Thursday, May 03, 2007

Performances

So I thought that class was pretty intense, and it made me think of one storythat I carry around and think about on a not infrequent basis.

When I was just out of grad school, I got my first professional position as a college administrator and my supervisor was a women of color. I loved this woman; she was brilliant and beautiful and the kind of colleague I aspired to be. One day during a 1:1 supervision meeting she confronted me about my work performance, and in particular, about time i had taken to support some family members through a tough time. She talked about how important it was for me to be committed, and to be an adult now, and that as an adult, I needed to prioritize my professional commitments sometimes over my need to be present for my family. This was after a conversation about how a colleague whose contract had been started at a higher pay rate had a family, children that she needed to support, but the fact that I financially supported my grandparents and the children of one of my younger teenage cousins didn't merit a similar increase.
She was really well-intended, but so firmly steeped in her own definitions of what constituted family, what it meant to be an "adult," what is professional or not professional, that my definitions weren't allowed equal status. They weren't culturally situated, they were less than: un-professional, un-adult, un-committed, un-familied. (okay, that last one i made up, but the language isn't working for me here.)
Alongside all of that: I really would have preferred her to be White. I would have been more prepared, less surprised by her perception. And quite frankly, I would have felt comfortable confronting her. Probably not effectively, but nonetheless...As a woman of color, though, I thought about the sacrifices that I KNEW she had made in the course of making her journey up the administrative ranks, and I was familiar with the fact that she had made sense of those in the same terms she had used with me. When she didn't make it home to her family's celebration of the Easter Holiday, she comforted herself with the fact that she made the "right" professional decision. The hard decision. And then she confronted me in our 1:1, lovingly, compassionately, thinking only about how to prepare me for professional culture and its obstacles, wanting me to learn and to do well, and believing that her experience and her choices were right not just for her but for anyone/everyone.
I wonder about the damage I have inflicted when I have been convinced that my experience is a universal one, that my learnings have meaning for others, and that I knew exactly what their right answer was, rather than some ways they might go about discovering it for themselves.

Saturday, April 07, 2007

Whiteness Discussion Questions

Hiya!

Thought I'd post a discussion question from the whiteness readings. I thought this one might spark some discussion since we've talked about it in class some:



I was fascinated by the discussion of white, female students crying in the classroom in “(Un)hinging Whiteness.” I’ve heard of this phenomenon before, but I’d never considered the way that it functions to re-center whiteness in discussions of racism. Rowe and Malhotra talk about the role that guilt plays in this phenomenon and express their disdain for guilt because of its inherent stagnation (when they are interested in movement). How does guilt differ from shame? When is crying a move to bring embodied grief into the classroom, and when is it a stagnating cry for affirmation? When is it both or neither? What other roles does or can crying in the classroom play?

Shara

Friday, March 16, 2007

Racism, Colonialism & Sesame Street

Hi Crit Ped Pals,

This is not directly critical pedagogy material, but it's related for sure! I came across this YouTube clip and thought some of you might be interested:

http://www.youtube.com/watch?v=wOP0U03BdSg

It's a clip of a Sesame Street segment from the early 70s called "Roosevelt Franklin Elementary School". Roosevelt Franklin is considered the first black muppet to appear as a main character on Sesame Street.

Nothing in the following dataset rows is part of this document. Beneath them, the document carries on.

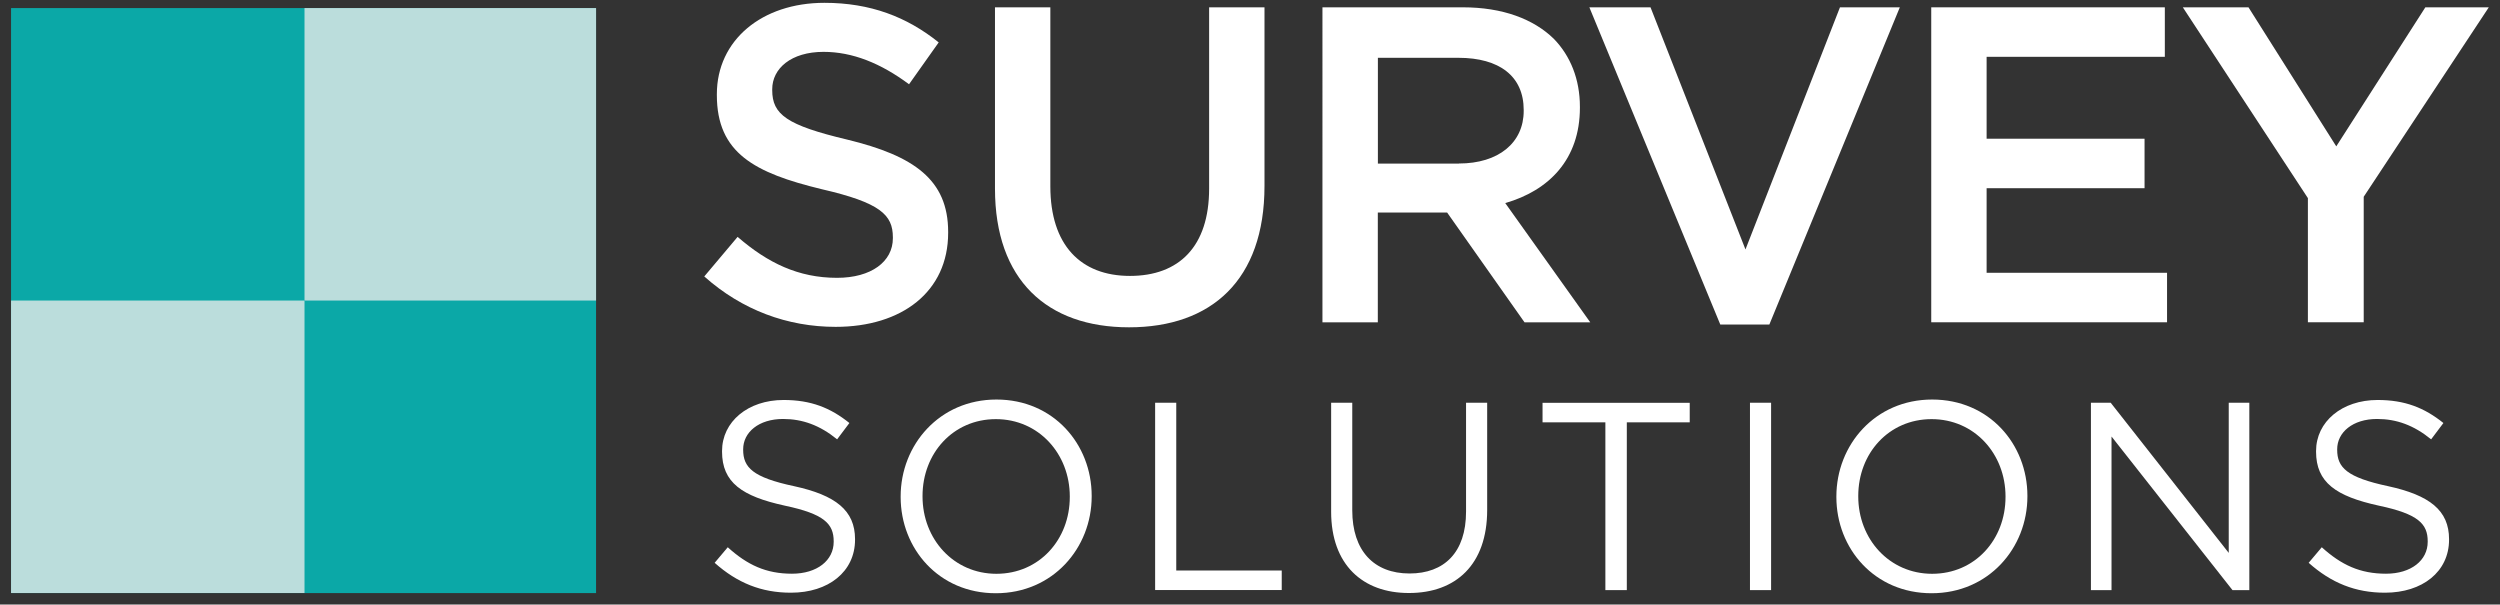 <svg xmlns="http://www.w3.org/2000/svg" xmlns:xlink="http://www.w3.org/1999/xlink" id="Layer_1" x="0px" y="0px" viewBox="0 0 327.82 79.27" style="enable-background:new 0 0 327.82 79.27;" xml:space="preserve"><rect x="0" y="0" width="327.82" height="79.27" fill="#333333" stroke="none"/> <style type="text/css"> .st0{fill:#0BA8A7;} .st1{fill:#BBDDDC;} .st2{fill:#ffffff;} </style> <rect x="1.45" y="1.06" class="st0" width="76.71" height="76.71"></rect> <rect x="1.45" y="39.41" class="st1" width="38.48" height="38.35"></rect> <rect x="39.93" y="1.06" class="st1" width="38.23" height="38.35"></rect> <g> <path class="st2" d="M92.35,36.25l4.37-5.19c3.95,3.42,7.97,5.37,13.04,5.37c4.48,0,7.32-2.12,7.32-5.19v-0.12 c0-2.95-1.65-4.54-9.32-6.31C98.96,22.68,94,20.08,94,12.47v-0.12c0-7.08,5.9-11.98,14.1-11.98c6.02,0,10.8,1.83,14.99,5.19 l-3.89,5.49c-3.72-2.77-7.43-4.25-11.21-4.25c-4.25,0-6.73,2.18-6.73,4.9v0.12c0,3.19,1.89,4.6,9.85,6.49 c8.73,2.12,13.22,5.25,13.22,12.1v0.12c0,7.73-6.08,12.33-14.75,12.33C103.27,42.86,97.31,40.67,92.35,36.25z"></path> <path class="st2" d="M130.47,24.74V0.96h7.26v23.48c0,7.67,3.95,11.74,10.44,11.74c6.43,0,10.38-3.84,10.38-11.45V0.96h7.26v23.43 c0,12.33-6.96,18.53-17.76,18.53C137.31,42.92,130.47,36.72,130.47,24.74z"></path> </g> <g> <path class="st2" d="M173.42,0.96h18.41c5.19,0,9.26,1.53,11.92,4.13c2.18,2.24,3.42,5.31,3.42,8.91v0.12 c0,6.79-4.07,10.86-9.79,12.51l11.15,15.64h-8.62l-10.15-14.4h-9.09v14.4h-7.26V0.96z M191.3,21.44c5.19,0,8.5-2.71,8.5-6.9v-0.12 c0-4.43-3.19-6.84-8.56-6.84h-10.56v13.87H191.3z"></path> </g> <g> <path class="st2" d="M208.41,0.96h8.02l12.45,31.75l12.39-31.75h7.85l-17.11,41.6h-6.43L208.41,0.96z"></path> </g> <g> <path class="st2" d="M253.25,0.96h30.62v6.49h-23.37v10.74h20.71v6.49h-20.71v11.09h23.66v6.49h-30.92V0.96z"></path> <path class="st2" d="M302.63,25.98l-16.4-25.02h8.61l11.51,18.23l11.68-18.23h8.32l-16.4,24.84v16.46h-7.32V25.98z"></path> </g> <g> <path class="st2" d="M93.71,73.8l1.72-2.04c2.56,2.32,5.02,3.47,8.42,3.47c3.3,0,5.47-1.75,5.47-4.18v-0.07 c0-2.28-1.23-3.58-6.39-4.67c-5.65-1.23-8.25-3.05-8.25-7.09v-0.07c0-3.86,3.4-6.7,8.07-6.7c3.58,0,6.14,1.02,8.63,3.02l-1.61,2.14 c-2.28-1.86-4.56-2.67-7.09-2.67c-3.19,0-5.23,1.75-5.23,3.97v0.07c0,2.32,1.26,3.62,6.67,4.77c5.47,1.19,8,3.19,8,6.95v0.07 c0,4.21-3.51,6.95-8.39,6.95C99.85,77.73,96.66,76.43,93.71,73.8z"></path> </g> <g> <path class="st2" d="M118.1,65.17V65.1c0-6.77,5.09-12.71,12.56-12.71c7.48,0,12.49,5.86,12.49,12.63v0.07 c0,6.77-5.09,12.7-12.56,12.7C123.11,77.8,118.1,71.94,118.1,65.17z M140.28,65.17V65.1c0-5.58-4.07-10.14-9.69-10.14 s-9.62,4.49-9.62,10.07v0.07c0,5.58,4.07,10.14,9.69,10.14S140.28,70.75,140.28,65.17z"></path> </g> <g> <path class="st2" d="M151.47,52.81h2.77v22h13.83v2.56h-16.6V52.81z"></path> </g> <g> <path class="st2" d="M174.55,67.1V52.81h2.77v14.11c0,5.3,2.84,8.28,7.51,8.28c4.53,0,7.41-2.74,7.41-8.11V52.81h2.77v14.07 c0,7.16-4.11,10.88-10.25,10.88C178.69,77.77,174.55,74.05,174.55,67.1z"></path> </g> <g> <path class="st2" d="M210.52,55.38h-8.25v-2.56h19.3v2.56h-8.25v22h-2.81V55.38z"></path> </g> <g> <path class="st2" d="M229.47,52.81h2.77v24.57h-2.77V52.81z"></path> </g> <g> <path class="st2" d="M240.8,65.17V65.1c0-6.77,5.09-12.71,12.56-12.71c7.48,0,12.49,5.86,12.49,12.63v0.07 c0,6.77-5.09,12.7-12.56,12.7C245.82,77.8,240.8,71.94,240.8,65.17z M262.98,65.17V65.1c0-5.58-4.07-10.14-9.69-10.14 s-9.62,4.49-9.62,10.07v0.07c0,5.58,4.07,10.14,9.69,10.14S262.98,70.75,262.98,65.17z"></path> </g> <g> <path class="st2" d="M274.17,52.81h2.6l15.48,19.69V52.81h2.7v24.57h-2.21l-15.86-20.14v20.14h-2.7V52.81z"></path> </g> <g> <path class="st2" d="M302.73,73.8l1.72-2.04c2.56,2.32,5.02,3.47,8.42,3.47c3.3,0,5.47-1.75,5.47-4.18v-0.07 c0-2.28-1.23-3.58-6.39-4.67c-5.65-1.23-8.25-3.05-8.25-7.09v-0.07c0-3.86,3.4-6.7,8.07-6.7c3.58,0,6.14,1.02,8.63,3.02l-1.61,2.14 c-2.28-1.86-4.56-2.67-7.09-2.67c-3.19,0-5.23,1.75-5.23,3.97v0.07c0,2.32,1.26,3.62,6.67,4.77c5.47,1.19,8,3.19,8,6.95v0.07 c0,4.21-3.51,6.95-8.39,6.95C308.87,77.73,305.68,76.43,302.73,73.8z"></path> </g> </svg>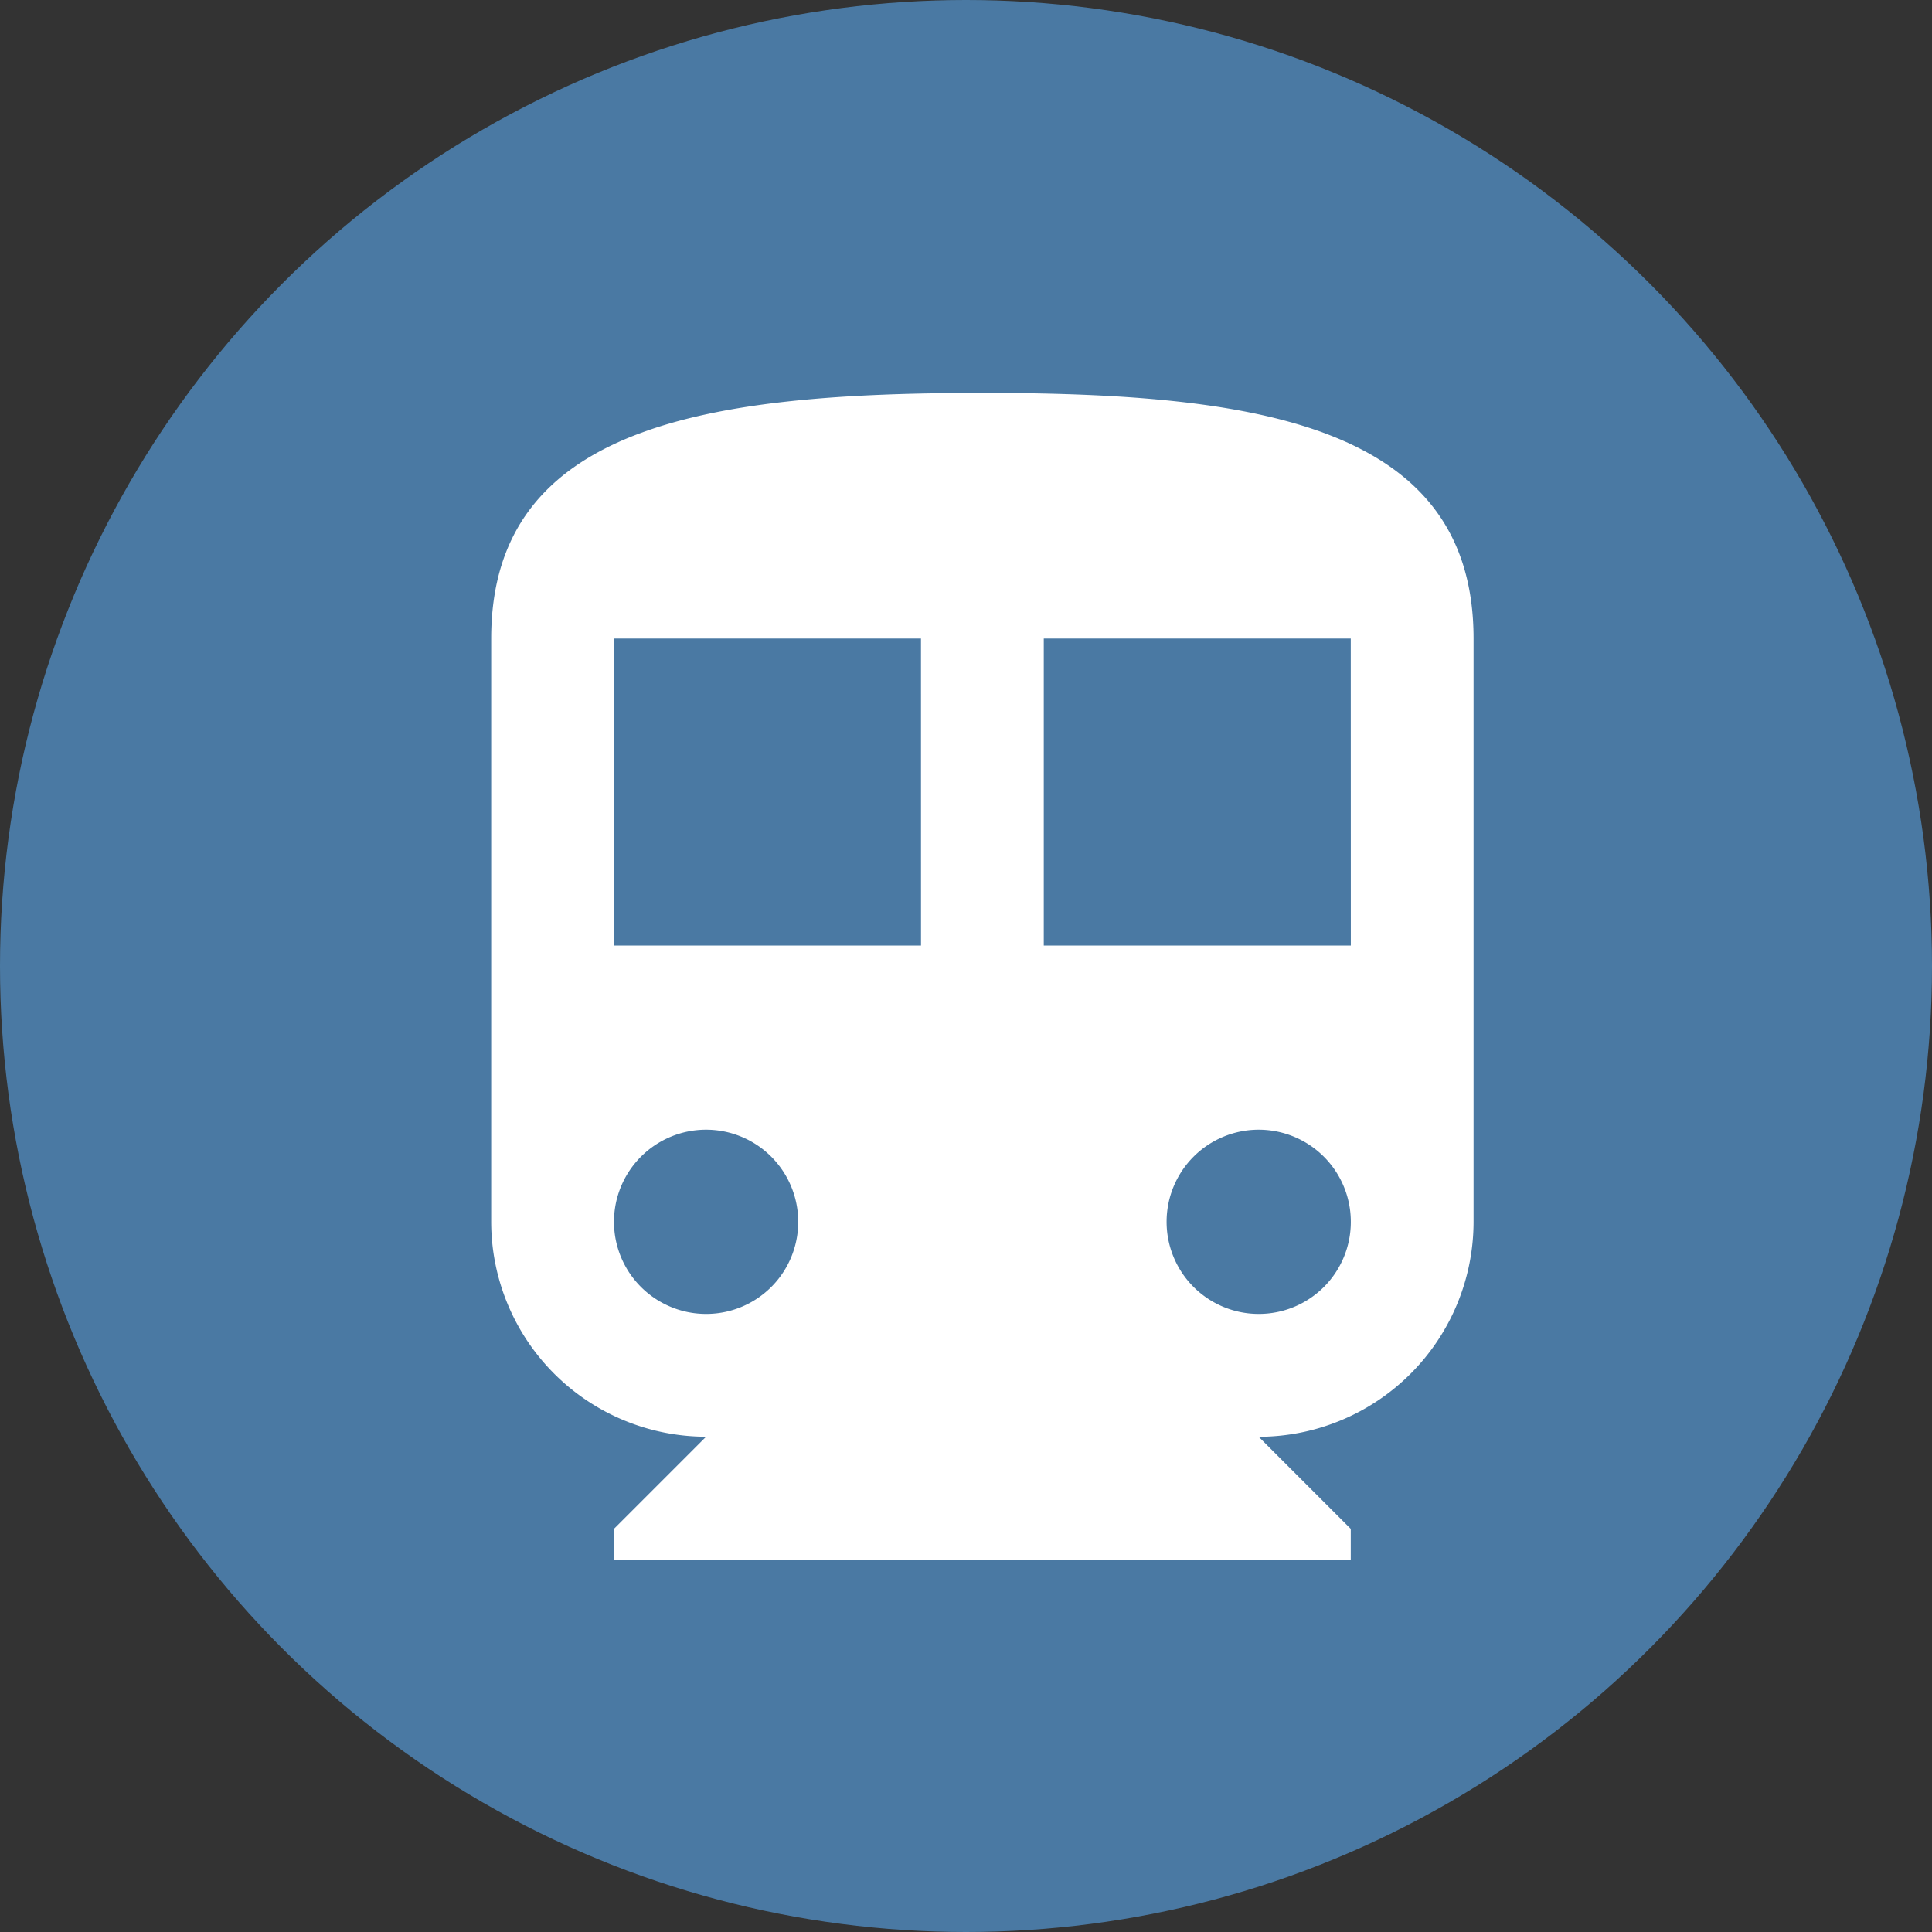 <svg xmlns="http://www.w3.org/2000/svg" width="59" height="59" viewBox="0 0 59 59">
  <rect x="0" y="0" width="59" height="59" fill="#333333" stroke="none"/>
  <g id="Gruppe_210" data-name="Gruppe 210" transform="translate(-533 -4459)">
    <circle id="Ellipse_7" data-name="Ellipse 7" cx="29.5" cy="29.5" r="29.5" transform="translate(533 4459)" fill="#4a79a3"/>
    <path id="ic_directions_transit_24px" d="M19,2C10.712,2,4,2.938,4,9.5V27.313a6.57,6.57,0,0,0,6.563,6.562L7.75,36.688v.938h22.5v-.937l-2.812-2.812A6.57,6.57,0,0,0,34,27.313V9.5C34,2.938,27.288,2,19,2ZM10.563,30.125a2.813,2.813,0,1,1,2.813-2.812A2.809,2.809,0,0,1,10.563,30.125Zm6.563-11.25H7.75V9.5h9.375Zm10.313,11.25a2.813,2.813,0,1,1,2.813-2.812A2.809,2.809,0,0,1,27.438,30.125Zm2.813-11.25H20.875V9.5H30.25Z" transform="translate(544 4469)" fill="#fff"/>
  </g>
</svg>

If you're interested in how racism and colonialism as ideologies are taught through children's t.v.--and yes, even the beloved Sesame Street--I bet you'll find the clip fascinating. And horrifying. Or maybe you have an alternative reading to share? I'm curious to hear what you think.

Snowed in and YouTubing,
Shara

Thursday, March 08, 2007

Hi everyone,

I'm finally on! Just finish reading Leda and Rachel's posts and found them to be very moving. I just flashed on the irony of talking about the body in the classroom in this unembodied way. But I must admit it's where I'm most comfortable talking about this subject.

Oh yes, lots of hang-ups about body and emotion and grief. For my family grief is a very private thing. Not to be displayed in public. When my father died my mother asked that friends (we had no nearby family) not visit. It was awkward having folks show up with food (the custom where we lived for those very social wakes) and then hastily leave to respect my mother's wishes. We had tons of food and no one to feed (-: All this has little to do with the classroom except it's what comes up for me when I think about the place of grief in the classroom (I realize I'm being very literal with the term). And my family history/culture influences the things I'm willing/able to tolerate in the classroom.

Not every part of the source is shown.